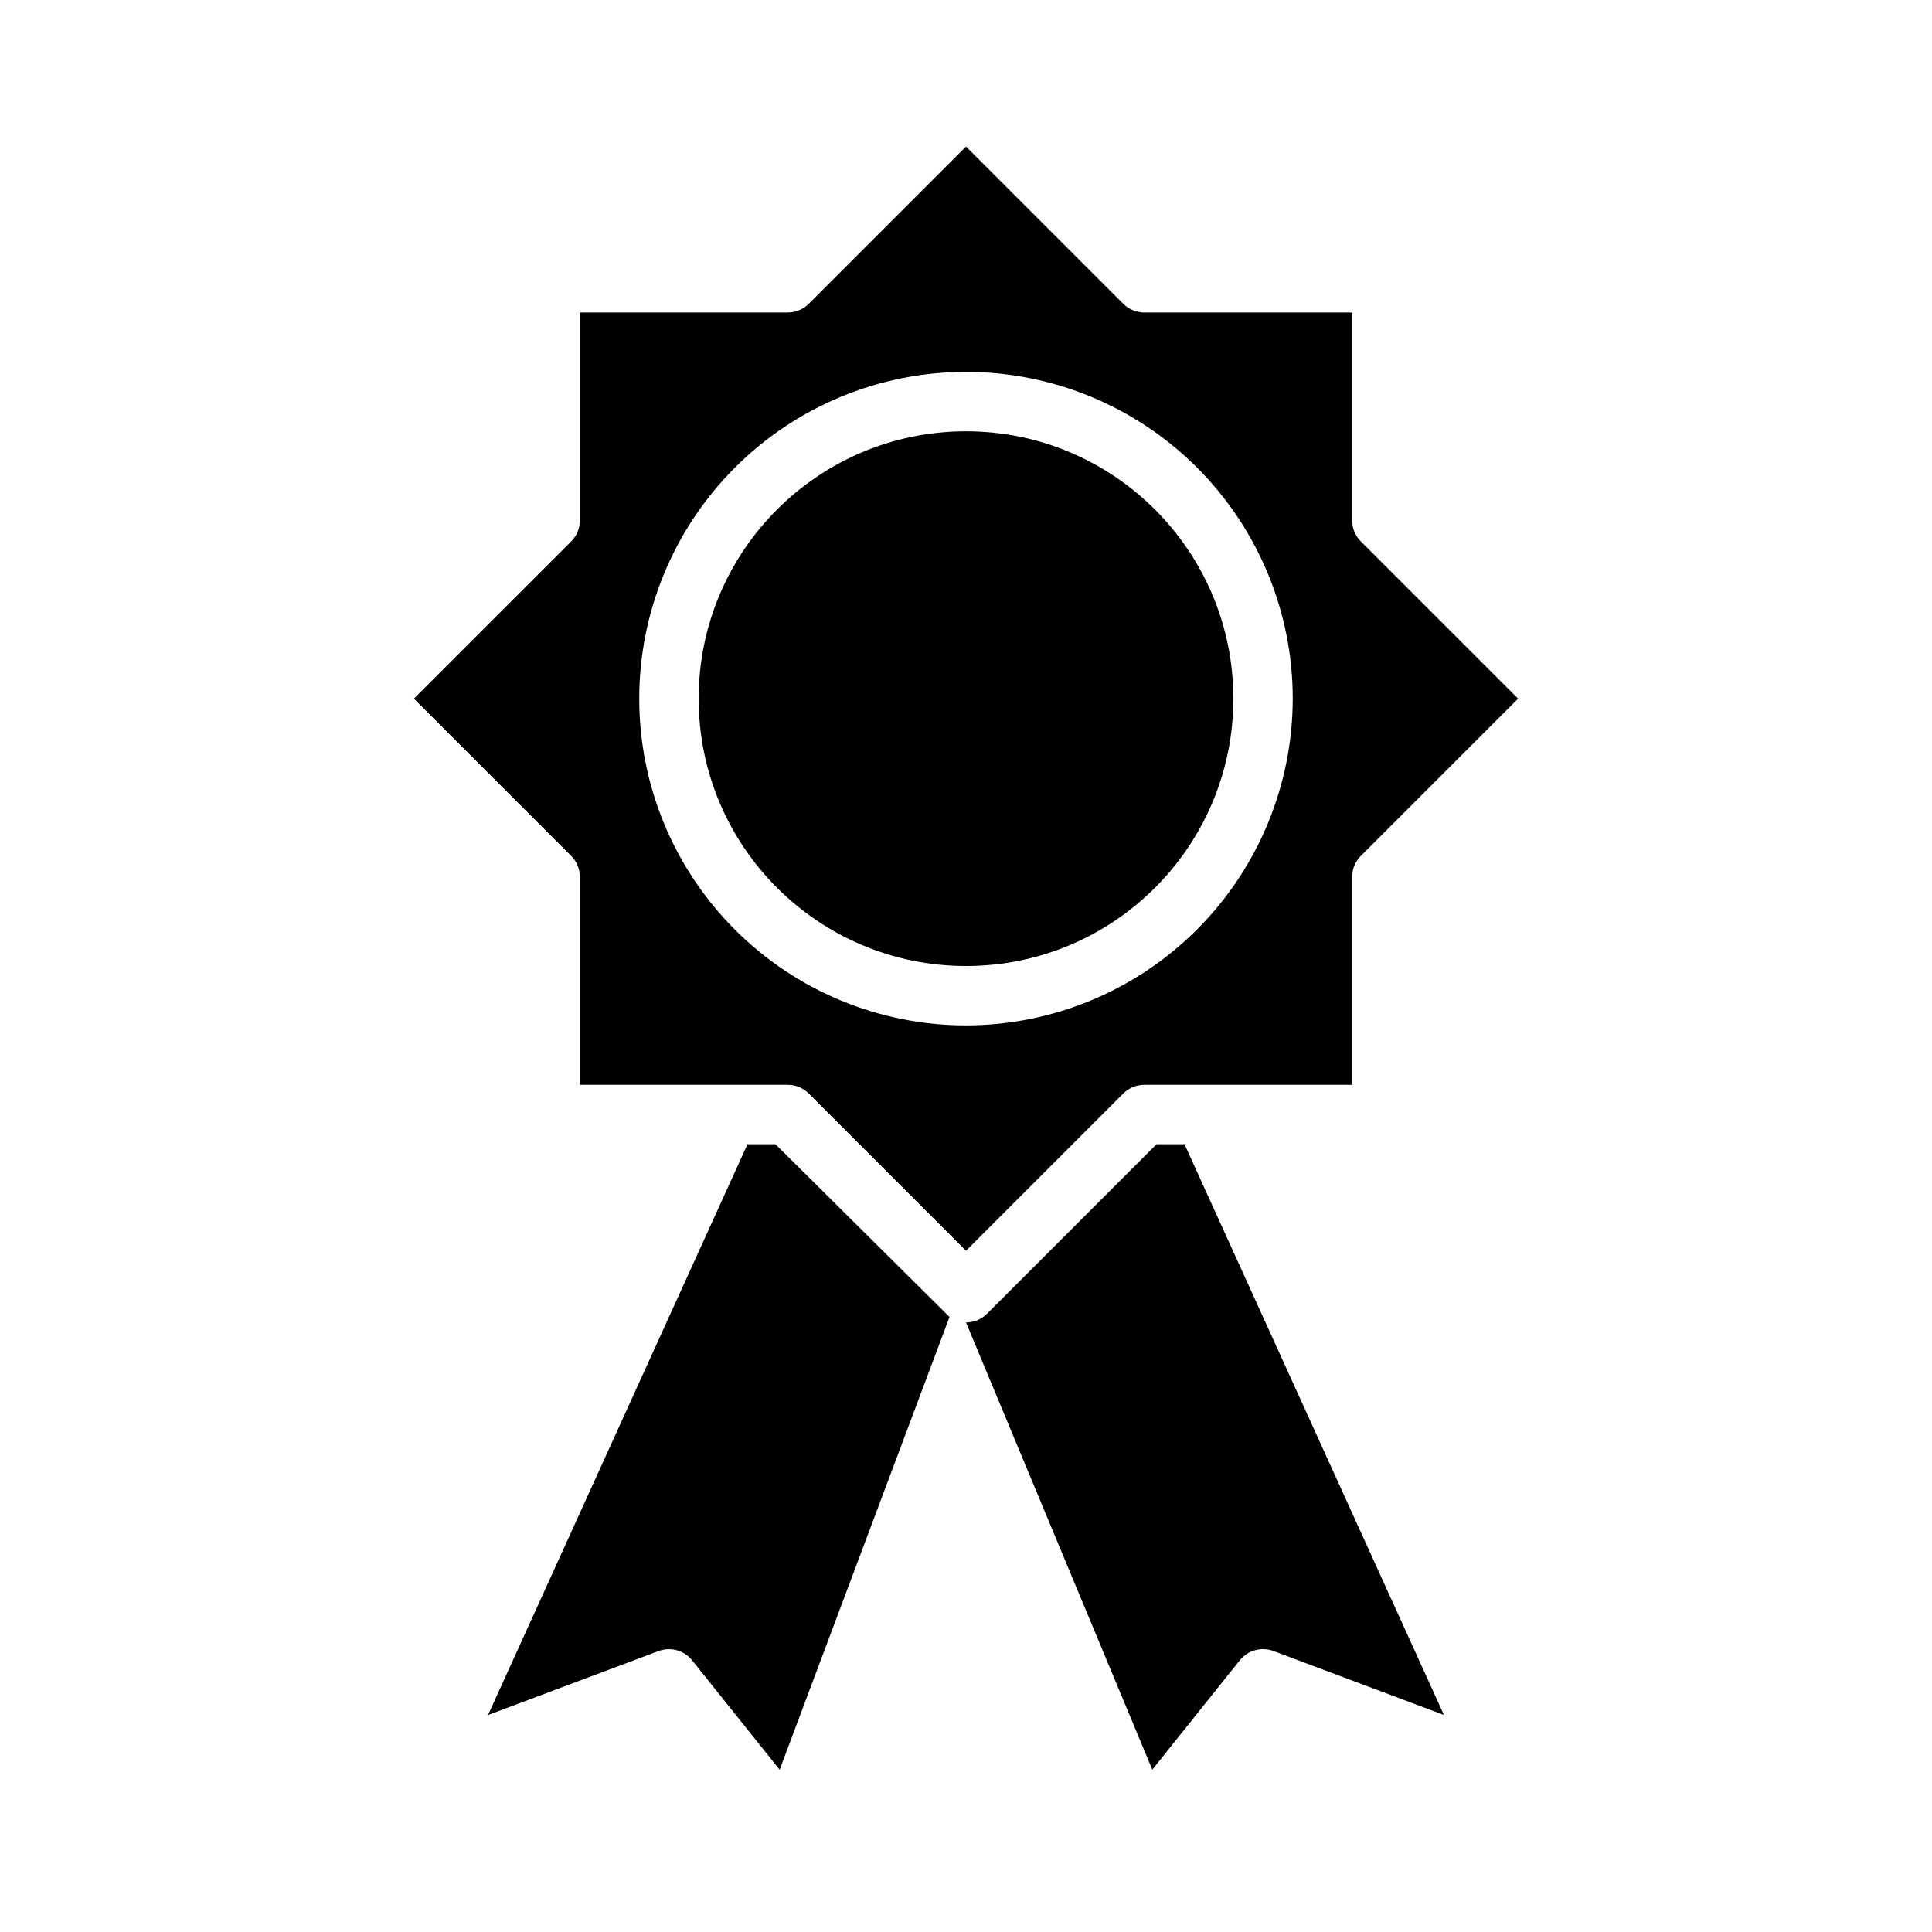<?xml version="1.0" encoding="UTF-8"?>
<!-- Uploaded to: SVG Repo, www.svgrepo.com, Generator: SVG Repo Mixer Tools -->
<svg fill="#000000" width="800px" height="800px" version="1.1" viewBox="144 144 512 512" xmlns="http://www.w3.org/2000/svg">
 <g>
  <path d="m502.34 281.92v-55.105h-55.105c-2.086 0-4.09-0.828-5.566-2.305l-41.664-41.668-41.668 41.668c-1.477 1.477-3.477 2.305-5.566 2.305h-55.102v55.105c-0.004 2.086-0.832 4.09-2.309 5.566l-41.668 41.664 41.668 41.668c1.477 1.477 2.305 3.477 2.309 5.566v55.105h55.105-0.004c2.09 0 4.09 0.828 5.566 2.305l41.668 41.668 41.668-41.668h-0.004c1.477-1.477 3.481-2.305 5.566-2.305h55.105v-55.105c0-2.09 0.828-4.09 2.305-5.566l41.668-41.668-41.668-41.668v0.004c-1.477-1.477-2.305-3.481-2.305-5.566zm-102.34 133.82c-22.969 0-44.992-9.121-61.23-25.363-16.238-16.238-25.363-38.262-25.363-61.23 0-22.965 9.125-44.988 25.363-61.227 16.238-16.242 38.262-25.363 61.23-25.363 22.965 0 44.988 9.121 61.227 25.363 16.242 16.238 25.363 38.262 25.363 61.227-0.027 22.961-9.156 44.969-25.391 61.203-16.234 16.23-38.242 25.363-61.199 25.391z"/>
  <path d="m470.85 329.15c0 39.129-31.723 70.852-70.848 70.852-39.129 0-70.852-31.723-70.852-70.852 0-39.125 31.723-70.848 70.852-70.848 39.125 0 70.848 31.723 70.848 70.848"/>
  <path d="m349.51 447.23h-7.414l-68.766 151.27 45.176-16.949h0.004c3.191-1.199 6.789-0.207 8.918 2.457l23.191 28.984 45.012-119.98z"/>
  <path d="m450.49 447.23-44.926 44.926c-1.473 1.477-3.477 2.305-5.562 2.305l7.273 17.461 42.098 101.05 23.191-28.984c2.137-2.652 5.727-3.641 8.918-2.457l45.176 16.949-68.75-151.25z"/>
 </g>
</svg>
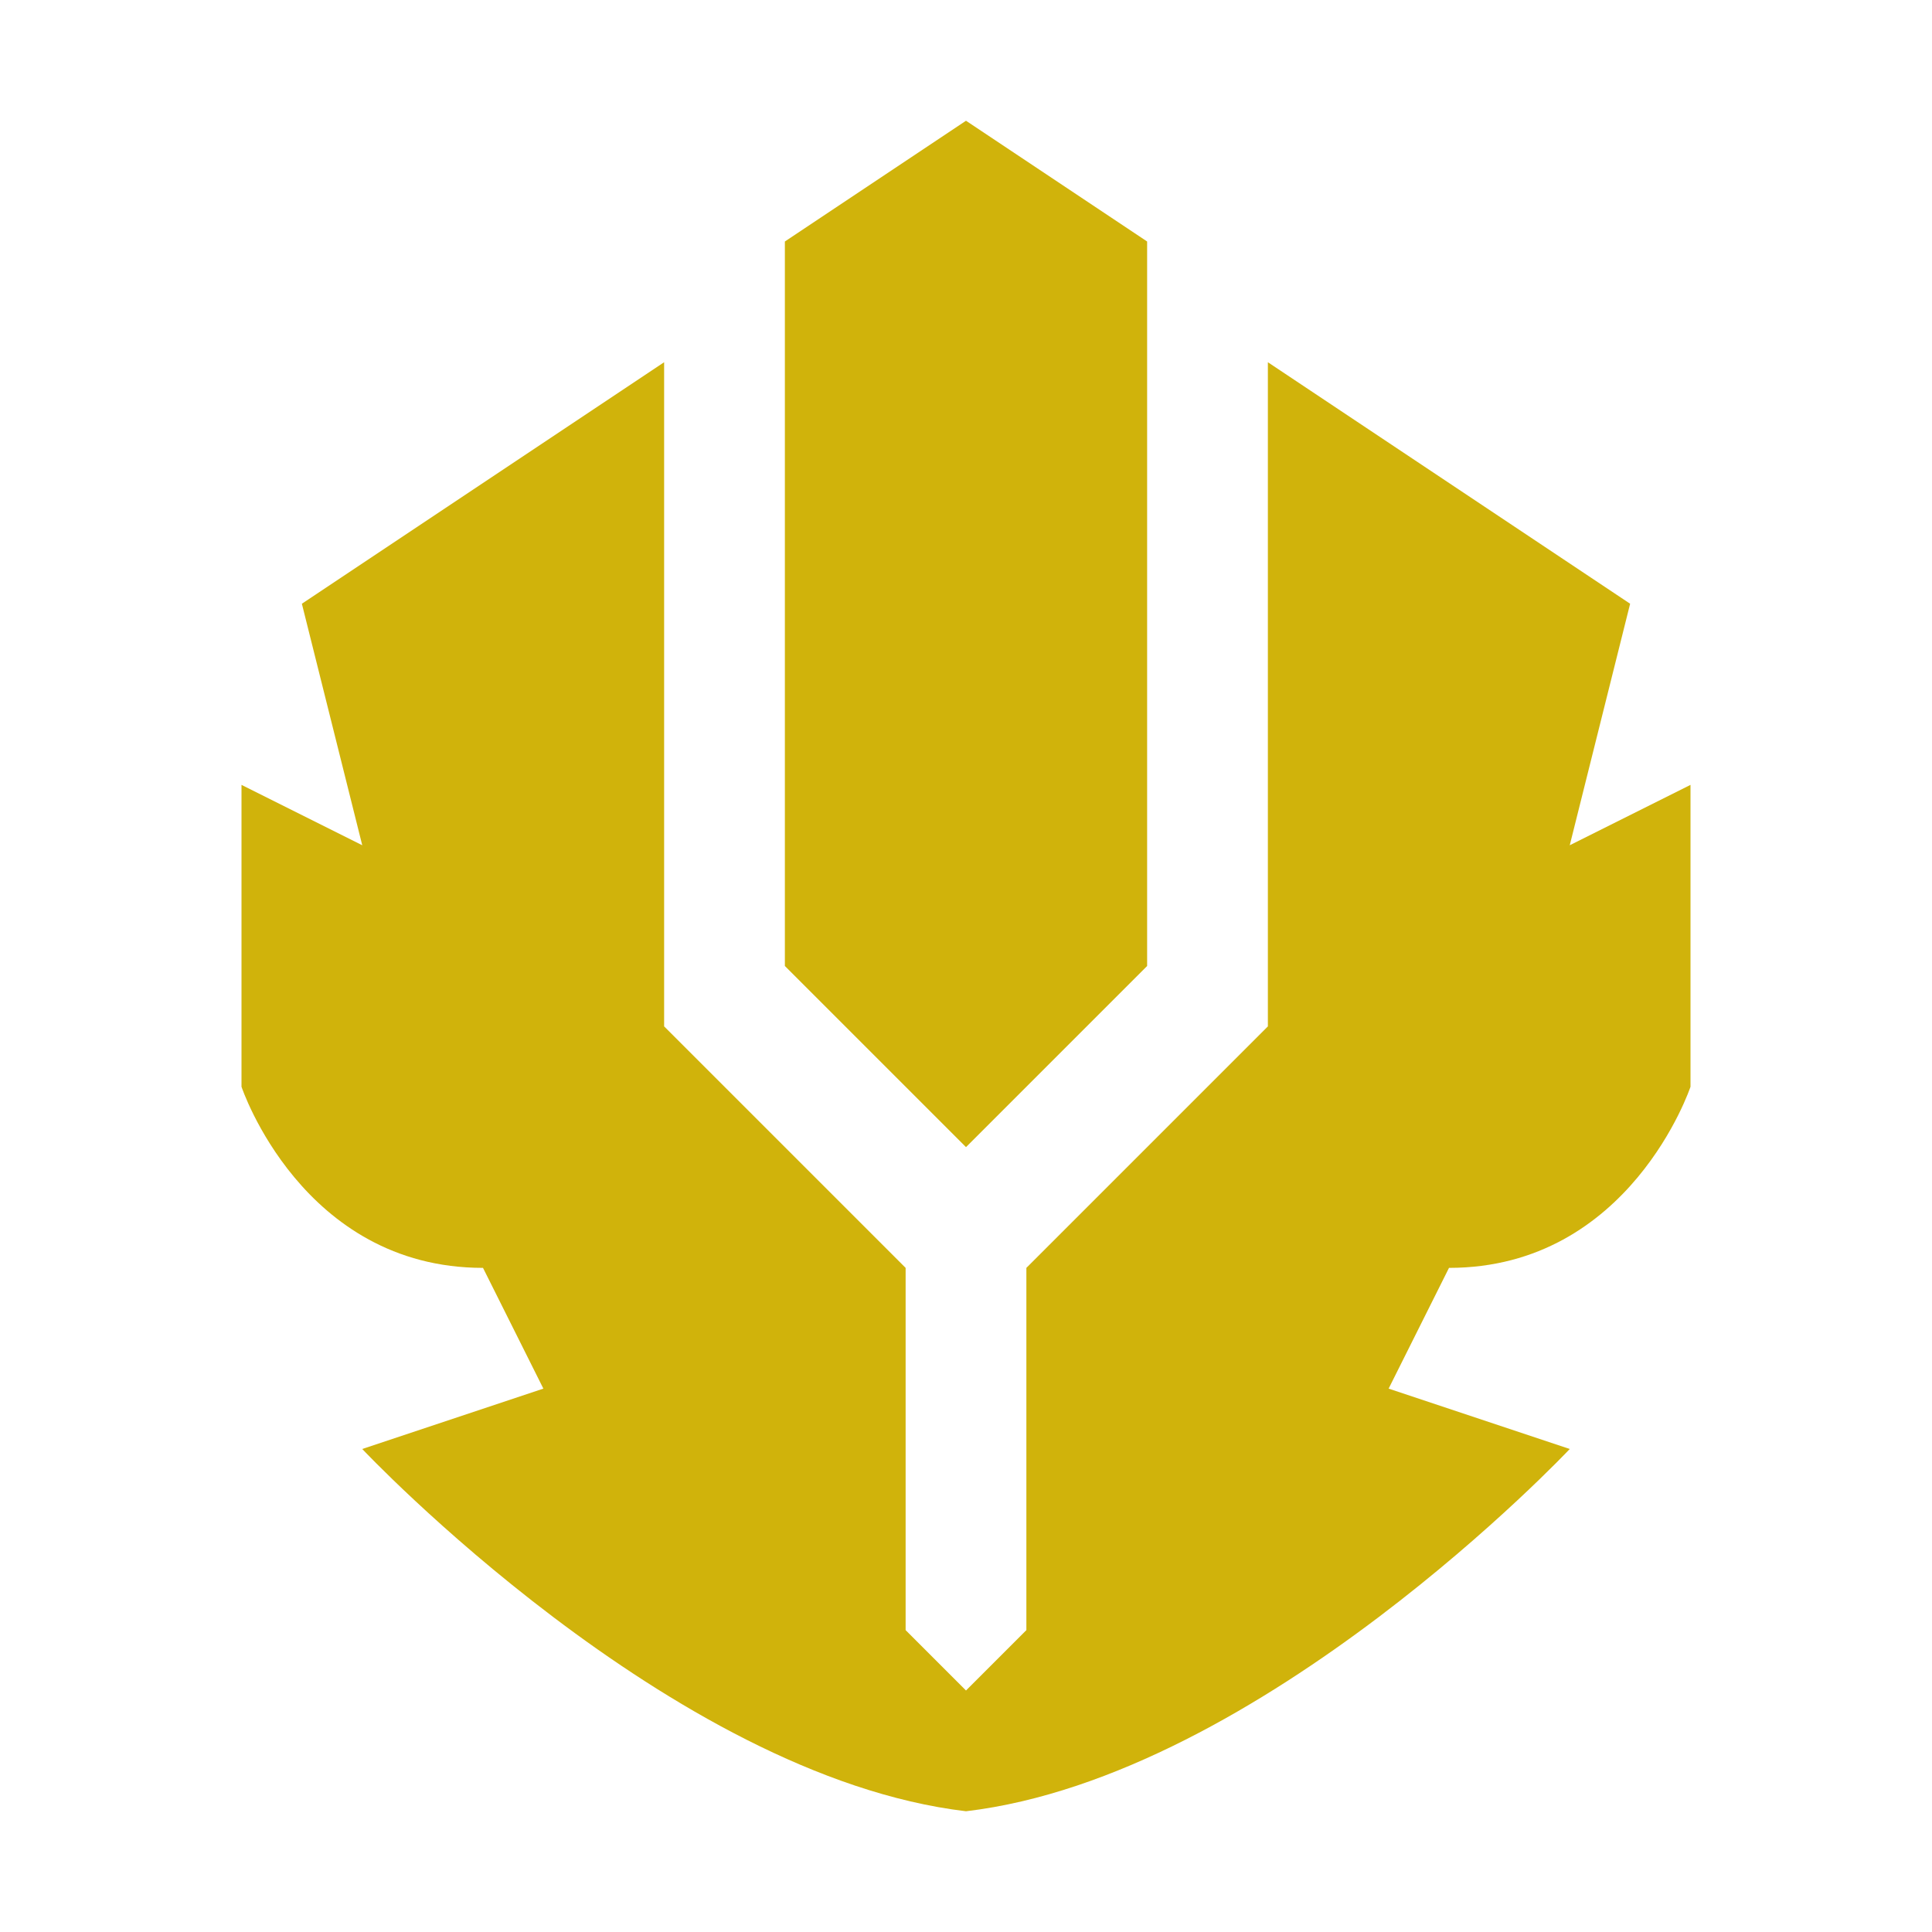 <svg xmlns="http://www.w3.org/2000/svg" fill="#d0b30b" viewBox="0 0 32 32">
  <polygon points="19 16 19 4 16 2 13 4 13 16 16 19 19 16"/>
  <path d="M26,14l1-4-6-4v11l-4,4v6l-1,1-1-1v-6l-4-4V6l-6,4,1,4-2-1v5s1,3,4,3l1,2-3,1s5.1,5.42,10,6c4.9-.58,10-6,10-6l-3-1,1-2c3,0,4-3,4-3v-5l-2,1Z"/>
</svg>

● ● ● ● ● ● ●

Problem statement: For the data above, set down exactly the lines from the line with "447.23-44.926 44.926c-1.473 1.477-3.477" to the line with "13 16 16 19", both included, leaving pictures out.

Result for this exercise:
  <path d="m450.49 447.23-44.926 44.926c-1.473 1.477-3.477 2.305-5.562 2.305l7.273 17.461 42.098 101.05 23.191-28.984c2.137-2.652 5.727-3.641 8.918-2.457l45.176 16.949-68.75-151.25z"/>
 </g>
</svg>
 <svg xmlns="http://www.w3.org/2000/svg" fill="#d0b30b" viewBox="0 0 32 32">
  <polygon points="19 16 19 4 16 2 13 4 13 16 16 19 19 16"/>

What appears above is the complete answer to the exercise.